# Skinny Pants & Heels?



## pinksugar (Jun 19, 2008)

adding to my list of skinny jeans/pants questions...

I have since bought my skinny jeans! hurrah!

however I was interested to get your opinions.

I like a slight crinkly bit at the bottom of my pants, but when wearing super high heels, my pants just slide down until the heels are covered.

I don't like the look of this.

Several questions for you all:

A. Do you mind this look?

B. If not, do you wear flats? or do you hem your pants, even though you may not always want to wear them with heels?

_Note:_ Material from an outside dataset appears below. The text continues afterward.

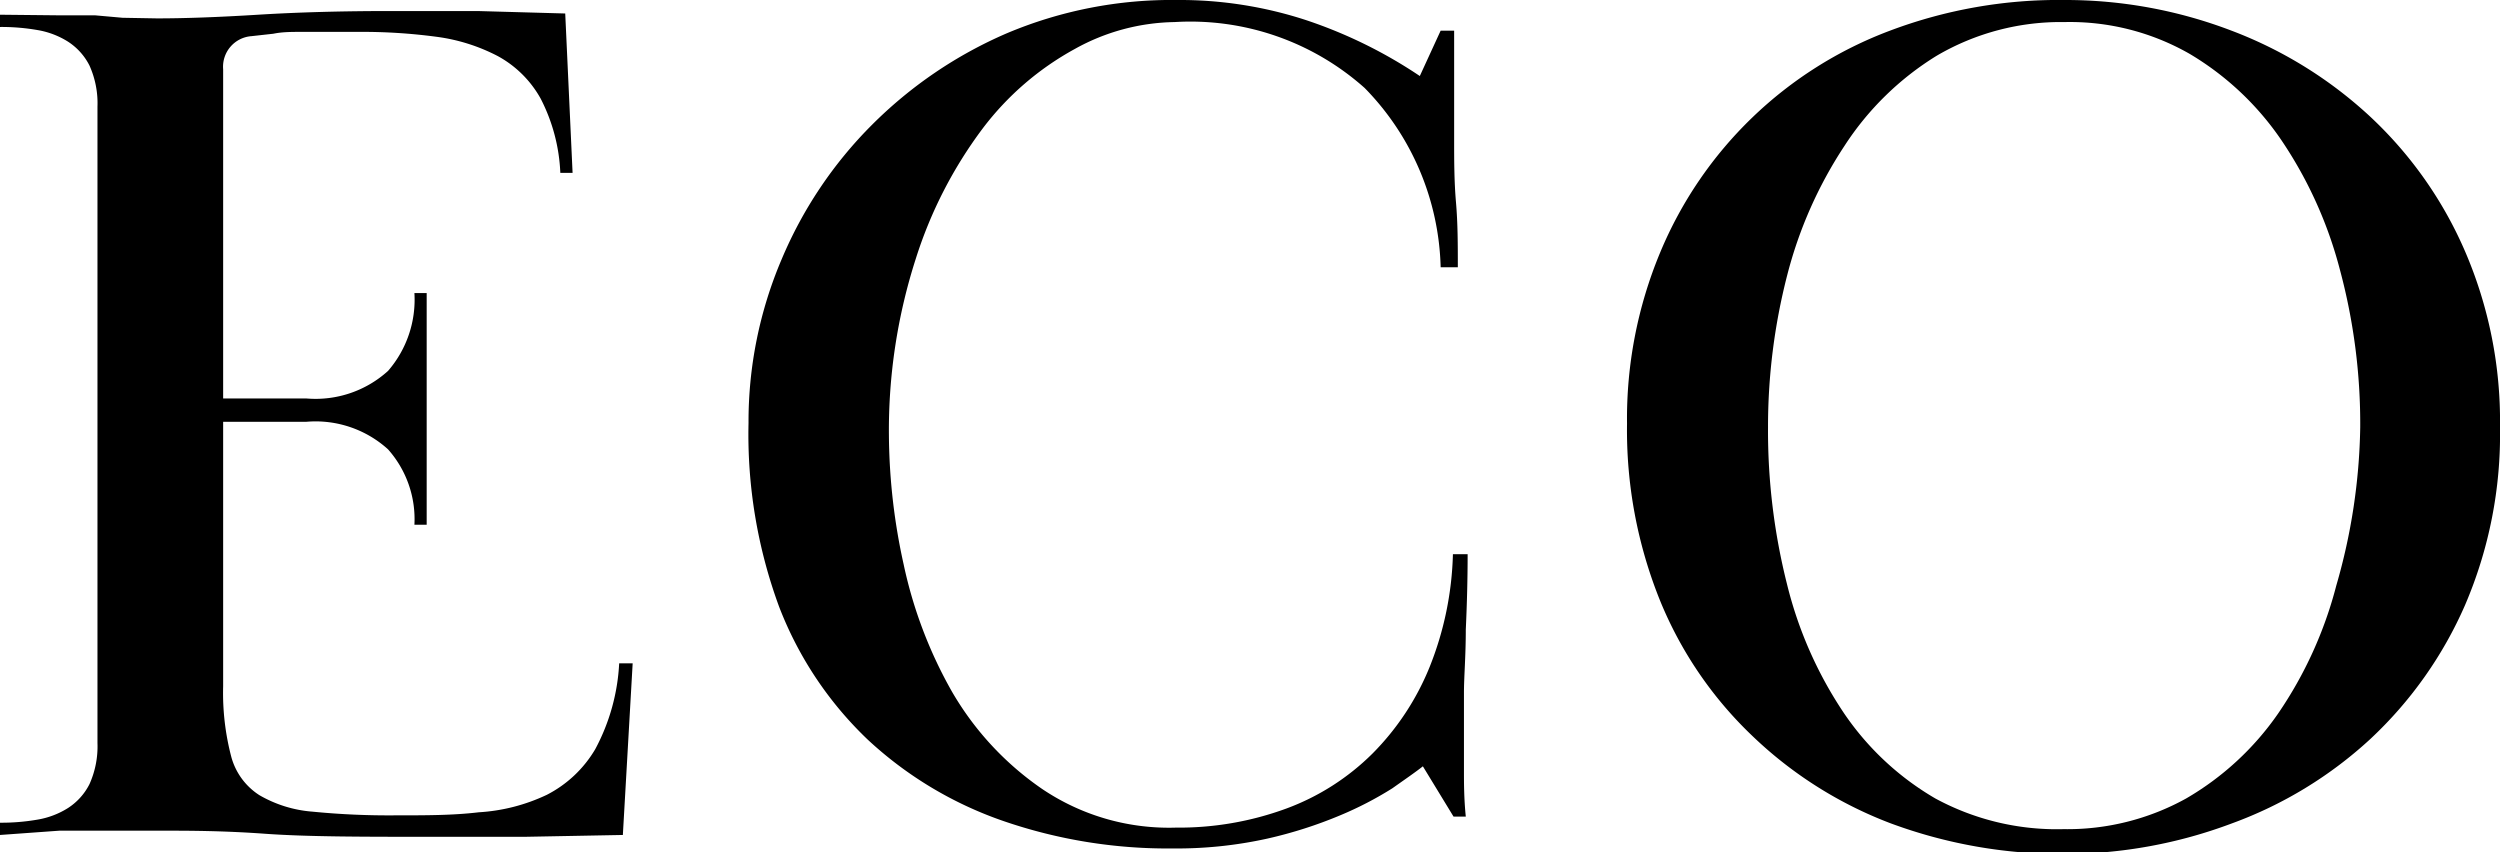 <svg xmlns="http://www.w3.org/2000/svg" viewBox="0 0 81.56 27.8"><g id="レイヤー_2" data-name="レイヤー 2"><g id="txt"><path d="M10,13a3.52,3.52,0,0,0,2.66-.9,3.55,3.55,0,0,0,.86-2.54h.4c0,.61,0,1.12,0,1.52s0,.73,0,1,0,.49,0,.68,0,.4,0,.62,0,.43,0,.6,0,.39,0,.64,0,.57,0,1,0,.89,0,1.5h-.4a3.43,3.43,0,0,0-.86-2.46,3.52,3.52,0,0,0-2.66-.9H7.28v8.63a8.21,8.21,0,0,0,.26,2.28,2.15,2.15,0,0,0,.92,1.27,4.06,4.06,0,0,0,1.74.54,25.43,25.43,0,0,0,2.72.12c1,0,1.86,0,2.7-.1a6,6,0,0,0,2.22-.57,3.89,3.89,0,0,0,1.58-1.49,6.62,6.62,0,0,0,.78-2.8h.44l-.32,5.6-3.2.06-3,0c-2.27,0-4.09,0-5.48-.1s-2.51-.1-3.36-.1l-1.1,0-1,0-1.24,0L0,27.24v-.4a6.85,6.85,0,0,0,1.22-.1,2.7,2.7,0,0,0,1-.38,2,2,0,0,0,.7-.78,3,3,0,0,0,.26-1.34V3.48a3,3,0,0,0-.26-1.34,2,2,0,0,0-.7-.78,2.7,2.7,0,0,0-1-.38A6.85,6.85,0,0,0,0,.88V.48L1.9.5l1.2,0L4,.58,5.12.6Q6.49.6,8.42.48C9.71.4,11.16.36,12.76.36c1,0,2,0,2.82,0l2.86.08.24,5.2h-.4a5.81,5.81,0,0,0-.64-2.42,3.53,3.53,0,0,0-1.4-1.39,6,6,0,0,0-2-.63,18.3,18.3,0,0,0-2.56-.16l-.84,0-1,0c-.32,0-.63,0-.92.06l-.72.08a1,1,0,0,0-.92,1.08V13Z"/><path d="M47.44,1c0,.64,0,1.25,0,1.84s0,1.17,0,1.76,0,1.31.06,2,.06,1.4.06,2.12H47a8.66,8.66,0,0,0-2.48-5.85A8.54,8.54,0,0,0,38.32.72a6.89,6.89,0,0,0-3.26.88,9.44,9.44,0,0,0-3,2.59,14.21,14.21,0,0,0-2.18,4.24A18.29,18.29,0,0,0,29,14.22a20,20,0,0,0,.48,4.19,14.5,14.5,0,0,0,1.58,4.16A9.83,9.83,0,0,0,34,25.74,7.4,7.4,0,0,0,38.36,27a10.15,10.15,0,0,0,3.6-.62,7.83,7.83,0,0,0,2.82-1.8,8.55,8.55,0,0,0,1.86-2.82,10.61,10.61,0,0,0,.76-3.68h.48q0,1.16-.06,2.46c0,.87-.06,1.55-.06,2.06v.76c0,.24,0,.51,0,.8s0,.64,0,1,0,.89.06,1.48h-.4l-1-1.64c-.24.19-.59.43-1,.72a11.5,11.5,0,0,1-1.7.88,14.21,14.21,0,0,1-2.38.76,13.68,13.68,0,0,1-3.08.32,16.47,16.47,0,0,1-5.54-.9,12.46,12.46,0,0,1-4.4-2.64,11.87,11.87,0,0,1-2.9-4.34,16.26,16.26,0,0,1-1-6A13.5,13.5,0,0,1,25.5,8.46a13.72,13.72,0,0,1,2.94-4.38,14.11,14.11,0,0,1,4.42-3A13.84,13.84,0,0,1,38.4,0a13.27,13.27,0,0,1,4.22.66,15.34,15.34,0,0,1,3.7,1.82L47,1Z"/><path d="M67.36,0A15.17,15.17,0,0,1,72.8,1a13.85,13.85,0,0,1,4.52,2.8,13.13,13.13,0,0,1,3.1,4.4,14,14,0,0,1,1.14,5.74,14.13,14.13,0,0,1-1.14,5.8,13.2,13.2,0,0,1-3.08,4.36,13.45,13.45,0,0,1-4.52,2.76,15.53,15.53,0,0,1-5.46,1,16.05,16.05,0,0,1-5.68-1A13.35,13.35,0,0,1,57.16,24a12.74,12.74,0,0,1-3-4.4,14.85,14.85,0,0,1-1.08-5.78,14.09,14.09,0,0,1,1.08-5.58A13.1,13.1,0,0,1,61.66,1,15.6,15.6,0,0,1,67.36,0Zm0,.72a8,8,0,0,0-4.18,1.1,9.54,9.54,0,0,0-3,2.93A13.93,13.93,0,0,0,58.3,9a19.81,19.81,0,0,0-.62,4.95,20.44,20.44,0,0,0,.62,5.11,13.17,13.17,0,0,0,1.84,4.18,9.17,9.17,0,0,0,3,2.81,8.31,8.31,0,0,0,4.18,1,8,8,0,0,0,4-1,9.37,9.37,0,0,0,3-2.77,13.27,13.27,0,0,0,1.9-4.18A19.52,19.52,0,0,0,77,13.94a19.38,19.38,0,0,0-.66-5.13,13.71,13.71,0,0,0-1.9-4.22,9.46,9.46,0,0,0-3-2.83A7.87,7.87,0,0,0,67.36.72Z"/></g></g></svg>

I'm just wondering how to look my best with my skinnies on saturday!


----------



## cookarikappou (Jun 19, 2008)

skinny jeans can be worn with high heels and flats/flipflops. depending on the place you are going to maybe... hem your pants cause it looks awful when the jeans is actually covering the heels...


----------



## pinksugar (Jun 19, 2008)

I think so too. I much prefer the bunched up look or the hemmed look, but sometimes hemming them can make them look a bit too short?


----------



## Aprill (Jun 19, 2008)

I think it is all about personal style. I prefer to see someone wear them with heels, but that's not to say that you cant do flip flops.


----------



## Ray of sunshine (Jun 19, 2008)

I actually think that it can look very cute when your hem covers a portion of the feel. I wouldn't hem a pair of jeans that you aren't always going to wear with heels. It might be too much of an investment, but you could hem the jeans and wear them with heels and buy another pair of skinny jeans to leave un-hemmed.


----------



## pinksugar (Jun 19, 2008)

I guess basically, I want my pants to be bunching even though I'm wearing them with heels, and I don't know how to do that, LOL


----------



## Ray of sunshine (Jun 19, 2008)

If you know anyone who has a good hand at sewing, they will know how to permanently ruffle your jeans. That will keep them forever scrunched.


----------



## cookarikappou (Jun 19, 2008)

or just find a perfect fit skinny jeans.. it will surely look good on anything....


----------



## Bec688 (Jun 19, 2008)

I prefer skinny legged pants/jeans with heels. Hemming them would probably be the best idea, even a little and then maybe they might bunch better?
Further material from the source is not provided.